3.2. L’autoritarismo del codice Rocco si coglie appieno soprattutto in altre e ben più significative caratteristiche della parte speciale.
Il riferimento è anzitutto al metodo casistico@, ossia alla moltiplicazione dei titoli di reato, ispirata dalla velleitaria pretesa di completezza normativa e frutto, a sua volta, di un’esasperazione della concezione positivistica del diritto, che sconfina in un autentico delirio di onnipotenza legislativa. In effetti, la parte speciale del codice Rocco esprime l’ambizione del legislatore a prevedere ogni possibile variante dei fatti di reato e a vincolare completamente il giudice attraverso l’allestimento di un ordito normativo minuzioso e dettagliato fino al parossismo. Sennonché, come dimostra l’esperienza, l’eccessiva frammentazione delle fattispecie, da un lato, crea inevitabili lacune di tutela, dall’altro lato, amplifica i problemi interpretativi connessi alle frequenti ipotesi di concorso apparente di norme. Non meraviglia, dunque, che l’impronta casistica della parte speciale del codice Rocco finisca di fatto per restituire all’interprete, seppure in altra forma e comunque in misura addirittura sproporzionata e disfunzionale, quella libertà interpretativa che si intendeva negargli.
In secondo luogo, e per quel che concerne ancora la tecnica di formulazione delle fattispecie incriminatrici, l’impronta autoritaria del codice Rocco si coglie agevolmente nella caduta di determinatezza degli enunciati normativi, riscontrabile segnatamente – anche se non esclusivamente – nell’ambito nei delitti contro la personalità dello Stato (si pensi all’art. 246), nel cui contesto la consapevole deroga al canone della determinatezza esprime l’intento legislativo di potenziare in chiave repressiva la discrezionalità giudiziale@.

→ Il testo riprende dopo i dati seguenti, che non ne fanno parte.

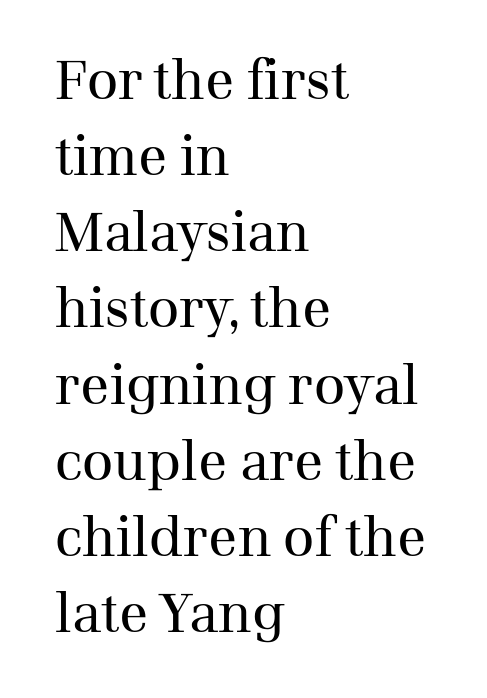
The image shows 54 px regular-weight serif type, upright; set left-aligned, normal line spacing (1.41x), normal letter spacing, not underlined; medium stroke contrast and a medium x-height.
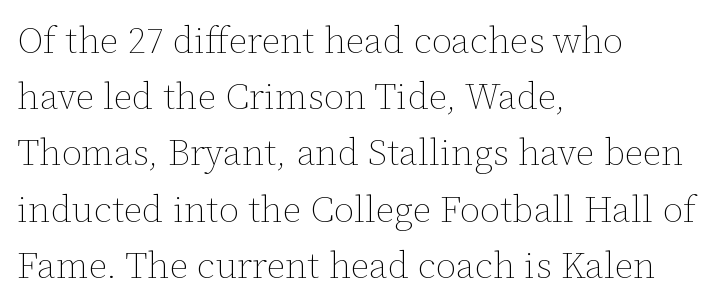
Q: Is the text bold? A: No.
Q: Is the text italic (slanted)? A: No, it is upright.
Q: Is the text underlined? A: No.
Q: How is the paragraph aligned? A: Left-aligned.
Q: Is the spacing between letters normal or unusually wide? A: Normal.
Q: Is the spacing between lines tight, normal or loose? A: Normal.
Q: Width (condensed, normal, or wide)? A: Normal.
Q: Stroke contrast? A: Low.
Q: x-height? A: Medium.
Q: Monospaced? A: No.
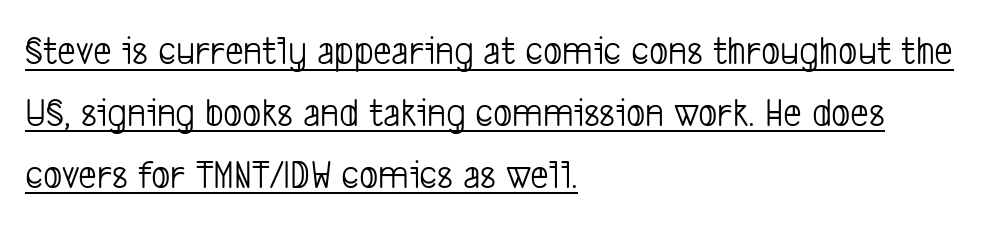
The image shows 41 px light, condensed sans-serif type; set left-aligned, normal line spacing (1.51x), normal letter spacing, underlined; low stroke contrast and a medium x-height.
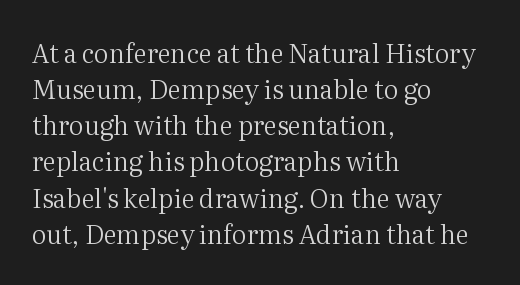
The image shows 26 px text type, upright; set left-aligned, normal line spacing (1.39x), normal letter spacing, not underlined.

E ancora: è certamente il portato di una concezione autoritaria, se non liberticida, della potestà punitiva la scelta legislativa di elevare a reato l’esercizio di autentici diritti di libertà. Si pensi, sempre con riguardo al volto originario del codice, al reato di accettazione di onorificenze (art. 275, abrogato dall’art. 18 l. n. 205 del 1999), alle diverse fattispecie di sciopero (art. 502 seg., in larga parte dichiarate illegittime dalla Corte costituzionale) e all’incriminazione di autentiche manifestazioni di pensiero, come le condotte di disfattismo e vilipendio (artt. 265, 269, 279, 290, 291 e 292, materia, questa, oggetto di riforma ad opera della l. n. 85 del 2006, che ha abrogato gli artt. 269 e 279 c.p.).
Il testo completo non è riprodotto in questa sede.